▸ What to do: The lines to extract run from the first line of the entries through the line that contains "land cover: Spruce dominated coniferous"; reproduce exactly those lines and no others.

▸ The input:
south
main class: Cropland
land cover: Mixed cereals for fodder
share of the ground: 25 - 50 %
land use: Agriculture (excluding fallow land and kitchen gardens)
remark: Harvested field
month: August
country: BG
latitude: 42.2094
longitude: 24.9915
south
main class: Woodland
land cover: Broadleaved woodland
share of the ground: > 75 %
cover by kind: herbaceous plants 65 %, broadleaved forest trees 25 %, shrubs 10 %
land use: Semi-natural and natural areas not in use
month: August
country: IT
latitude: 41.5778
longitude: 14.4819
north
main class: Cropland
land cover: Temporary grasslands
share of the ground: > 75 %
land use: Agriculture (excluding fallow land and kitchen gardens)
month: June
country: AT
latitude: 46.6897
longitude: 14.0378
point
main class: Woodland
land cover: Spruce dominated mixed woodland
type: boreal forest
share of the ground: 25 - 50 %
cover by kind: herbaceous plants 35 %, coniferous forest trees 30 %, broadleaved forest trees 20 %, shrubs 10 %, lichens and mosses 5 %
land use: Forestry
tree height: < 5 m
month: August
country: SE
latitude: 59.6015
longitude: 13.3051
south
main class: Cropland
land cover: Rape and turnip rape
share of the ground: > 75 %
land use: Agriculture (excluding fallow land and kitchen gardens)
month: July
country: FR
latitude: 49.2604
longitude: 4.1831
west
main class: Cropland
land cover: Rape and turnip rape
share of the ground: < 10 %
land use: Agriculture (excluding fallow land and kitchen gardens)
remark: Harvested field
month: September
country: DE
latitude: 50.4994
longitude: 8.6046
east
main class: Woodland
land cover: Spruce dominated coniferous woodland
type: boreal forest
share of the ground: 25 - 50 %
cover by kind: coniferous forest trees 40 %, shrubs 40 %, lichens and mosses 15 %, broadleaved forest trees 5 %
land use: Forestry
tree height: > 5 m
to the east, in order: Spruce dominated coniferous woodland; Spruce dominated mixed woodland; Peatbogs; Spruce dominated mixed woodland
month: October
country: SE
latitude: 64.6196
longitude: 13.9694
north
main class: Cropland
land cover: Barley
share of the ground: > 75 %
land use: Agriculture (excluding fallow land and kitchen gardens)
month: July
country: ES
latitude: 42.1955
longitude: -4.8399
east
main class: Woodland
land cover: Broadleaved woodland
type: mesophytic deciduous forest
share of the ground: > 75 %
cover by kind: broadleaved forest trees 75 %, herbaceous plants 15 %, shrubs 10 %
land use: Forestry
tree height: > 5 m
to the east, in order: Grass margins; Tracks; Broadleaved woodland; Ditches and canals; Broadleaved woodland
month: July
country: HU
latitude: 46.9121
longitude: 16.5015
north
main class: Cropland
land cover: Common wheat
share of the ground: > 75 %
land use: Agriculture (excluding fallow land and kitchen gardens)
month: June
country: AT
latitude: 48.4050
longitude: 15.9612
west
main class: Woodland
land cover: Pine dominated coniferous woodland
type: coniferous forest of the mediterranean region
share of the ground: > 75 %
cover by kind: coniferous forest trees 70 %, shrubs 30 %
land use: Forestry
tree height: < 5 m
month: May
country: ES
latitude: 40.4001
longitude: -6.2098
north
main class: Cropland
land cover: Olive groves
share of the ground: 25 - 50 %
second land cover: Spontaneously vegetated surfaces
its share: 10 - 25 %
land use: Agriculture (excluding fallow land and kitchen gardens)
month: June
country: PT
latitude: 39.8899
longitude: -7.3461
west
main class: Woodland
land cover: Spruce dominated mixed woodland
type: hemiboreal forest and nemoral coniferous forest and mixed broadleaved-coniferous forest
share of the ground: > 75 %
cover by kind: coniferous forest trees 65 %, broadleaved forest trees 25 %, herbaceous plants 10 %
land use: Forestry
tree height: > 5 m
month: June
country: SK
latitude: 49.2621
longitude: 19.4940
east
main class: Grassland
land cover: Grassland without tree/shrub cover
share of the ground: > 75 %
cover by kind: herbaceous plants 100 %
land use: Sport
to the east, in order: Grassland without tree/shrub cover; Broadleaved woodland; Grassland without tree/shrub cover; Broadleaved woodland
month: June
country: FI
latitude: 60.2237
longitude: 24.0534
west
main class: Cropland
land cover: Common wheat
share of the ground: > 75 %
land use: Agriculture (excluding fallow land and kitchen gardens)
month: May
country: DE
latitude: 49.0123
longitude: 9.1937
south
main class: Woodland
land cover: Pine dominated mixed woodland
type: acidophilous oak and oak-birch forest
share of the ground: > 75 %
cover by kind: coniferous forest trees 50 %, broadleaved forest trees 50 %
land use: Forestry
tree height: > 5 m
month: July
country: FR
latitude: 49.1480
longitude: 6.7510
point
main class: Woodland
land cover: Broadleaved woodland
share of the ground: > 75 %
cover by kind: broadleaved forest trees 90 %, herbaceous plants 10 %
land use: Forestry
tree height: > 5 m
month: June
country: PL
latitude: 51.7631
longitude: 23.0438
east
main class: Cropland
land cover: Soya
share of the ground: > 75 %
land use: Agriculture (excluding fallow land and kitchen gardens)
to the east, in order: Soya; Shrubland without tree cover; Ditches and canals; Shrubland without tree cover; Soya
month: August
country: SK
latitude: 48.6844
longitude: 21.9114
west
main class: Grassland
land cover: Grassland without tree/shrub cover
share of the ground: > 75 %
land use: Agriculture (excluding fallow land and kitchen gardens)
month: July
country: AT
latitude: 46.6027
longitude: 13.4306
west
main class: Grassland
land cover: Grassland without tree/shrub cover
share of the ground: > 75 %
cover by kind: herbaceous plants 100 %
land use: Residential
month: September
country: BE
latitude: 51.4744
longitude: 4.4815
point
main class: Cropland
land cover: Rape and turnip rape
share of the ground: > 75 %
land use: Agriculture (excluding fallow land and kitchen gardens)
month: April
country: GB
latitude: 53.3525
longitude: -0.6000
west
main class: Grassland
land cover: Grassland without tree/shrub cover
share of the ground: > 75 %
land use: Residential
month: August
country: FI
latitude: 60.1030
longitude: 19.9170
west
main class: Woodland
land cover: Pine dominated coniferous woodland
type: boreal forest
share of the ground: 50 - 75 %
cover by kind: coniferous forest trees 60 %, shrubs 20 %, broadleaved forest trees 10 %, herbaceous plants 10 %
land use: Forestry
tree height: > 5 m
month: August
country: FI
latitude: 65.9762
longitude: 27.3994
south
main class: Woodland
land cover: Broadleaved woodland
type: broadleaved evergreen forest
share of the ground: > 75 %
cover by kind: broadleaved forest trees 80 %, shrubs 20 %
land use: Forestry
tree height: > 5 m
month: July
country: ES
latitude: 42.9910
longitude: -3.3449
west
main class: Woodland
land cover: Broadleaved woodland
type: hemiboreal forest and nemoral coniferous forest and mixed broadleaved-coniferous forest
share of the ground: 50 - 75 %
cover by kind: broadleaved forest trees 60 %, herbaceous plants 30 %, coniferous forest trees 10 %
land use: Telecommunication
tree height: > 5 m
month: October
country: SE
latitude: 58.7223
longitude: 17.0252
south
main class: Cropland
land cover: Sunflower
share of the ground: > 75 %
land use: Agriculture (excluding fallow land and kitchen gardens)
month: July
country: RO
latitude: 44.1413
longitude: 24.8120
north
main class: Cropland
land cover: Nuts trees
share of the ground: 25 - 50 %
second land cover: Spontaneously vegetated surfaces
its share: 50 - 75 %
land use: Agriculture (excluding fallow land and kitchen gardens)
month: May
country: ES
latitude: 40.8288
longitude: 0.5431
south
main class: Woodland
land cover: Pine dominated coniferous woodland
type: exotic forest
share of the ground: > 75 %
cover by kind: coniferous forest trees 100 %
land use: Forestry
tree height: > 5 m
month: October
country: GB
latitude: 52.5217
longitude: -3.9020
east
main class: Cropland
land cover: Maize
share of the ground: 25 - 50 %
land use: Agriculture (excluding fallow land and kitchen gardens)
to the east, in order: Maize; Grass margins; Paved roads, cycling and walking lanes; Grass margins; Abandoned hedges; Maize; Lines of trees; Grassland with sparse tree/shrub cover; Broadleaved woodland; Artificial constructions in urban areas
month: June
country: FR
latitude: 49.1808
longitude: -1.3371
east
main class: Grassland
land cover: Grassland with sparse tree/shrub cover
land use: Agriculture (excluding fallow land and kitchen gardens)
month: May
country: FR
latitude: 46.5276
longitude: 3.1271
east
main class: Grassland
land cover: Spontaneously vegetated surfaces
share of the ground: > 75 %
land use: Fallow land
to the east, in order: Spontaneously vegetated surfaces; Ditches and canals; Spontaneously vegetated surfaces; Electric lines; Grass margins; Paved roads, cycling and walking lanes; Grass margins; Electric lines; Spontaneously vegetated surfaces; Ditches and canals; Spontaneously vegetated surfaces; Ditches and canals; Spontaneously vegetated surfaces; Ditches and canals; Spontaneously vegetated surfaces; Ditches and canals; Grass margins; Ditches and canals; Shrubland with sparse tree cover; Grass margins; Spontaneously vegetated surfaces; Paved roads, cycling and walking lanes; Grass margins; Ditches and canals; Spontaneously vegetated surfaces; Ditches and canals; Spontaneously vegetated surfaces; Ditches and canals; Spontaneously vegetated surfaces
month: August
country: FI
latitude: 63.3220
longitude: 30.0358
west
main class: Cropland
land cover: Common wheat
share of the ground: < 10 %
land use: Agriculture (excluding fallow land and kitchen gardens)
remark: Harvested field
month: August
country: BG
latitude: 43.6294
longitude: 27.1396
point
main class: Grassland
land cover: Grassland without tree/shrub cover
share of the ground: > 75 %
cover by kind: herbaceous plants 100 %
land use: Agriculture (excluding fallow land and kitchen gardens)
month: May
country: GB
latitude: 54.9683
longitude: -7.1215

▸ Answer below:
south
main class: Cropland
land cover: Mixed cereals for fodder
share of the ground: 25 - 50 %
land use: Agriculture (excluding fallow land and kitchen gardens)
remark: Harvested field
month: August
country: BG
latitude: 42.2094
longitude: 24.9915
south
main class: Woodland
land cover: Broadleaved woodland
share of the ground: > 75 %
cover by kind: herbaceous plants 65 %, broadleaved forest trees 25 %, shrubs 10 %
land use: Semi-natural and natural areas not in use
month: August
country: IT
latitude: 41.5778
longitude: 14.4819
north
main class: Cropland
land cover: Temporary grasslands
share of the ground: > 75 %
land use: Agriculture (excluding fallow land and kitchen gardens)
month: June
country: AT
latitude: 46.6897
longitude: 14.0378
point
main class: Woodland
land cover: Spruce dominated mixed woodland
type: boreal forest
share of the ground: 25 - 50 %
cover by kind: herbaceous plants 35 %, coniferous forest trees 30 %, broadleaved forest trees 20 %, shrubs 10 %, lichens and mosses 5 %
land use: Forestry
tree height: < 5 m
month: August
country: SE
latitude: 59.6015
longitude: 13.3051
south
main class: Cropland
land cover: Rape and turnip rape
share of the ground: > 75 %
land use: Agriculture (excluding fallow land and kitchen gardens)
month: July
country: FR
latitude: 49.2604
longitude: 4.1831
west
main class: Cropland
land cover: Rape and turnip rape
share of the ground: < 10 %
land use: Agriculture (excluding fallow land and kitchen gardens)
remark: Harvested field
month: September
country: DE
latitude: 50.4994
longitude: 8.6046
east
main class: Woodland
land cover: Spruce dominated coniferous woodland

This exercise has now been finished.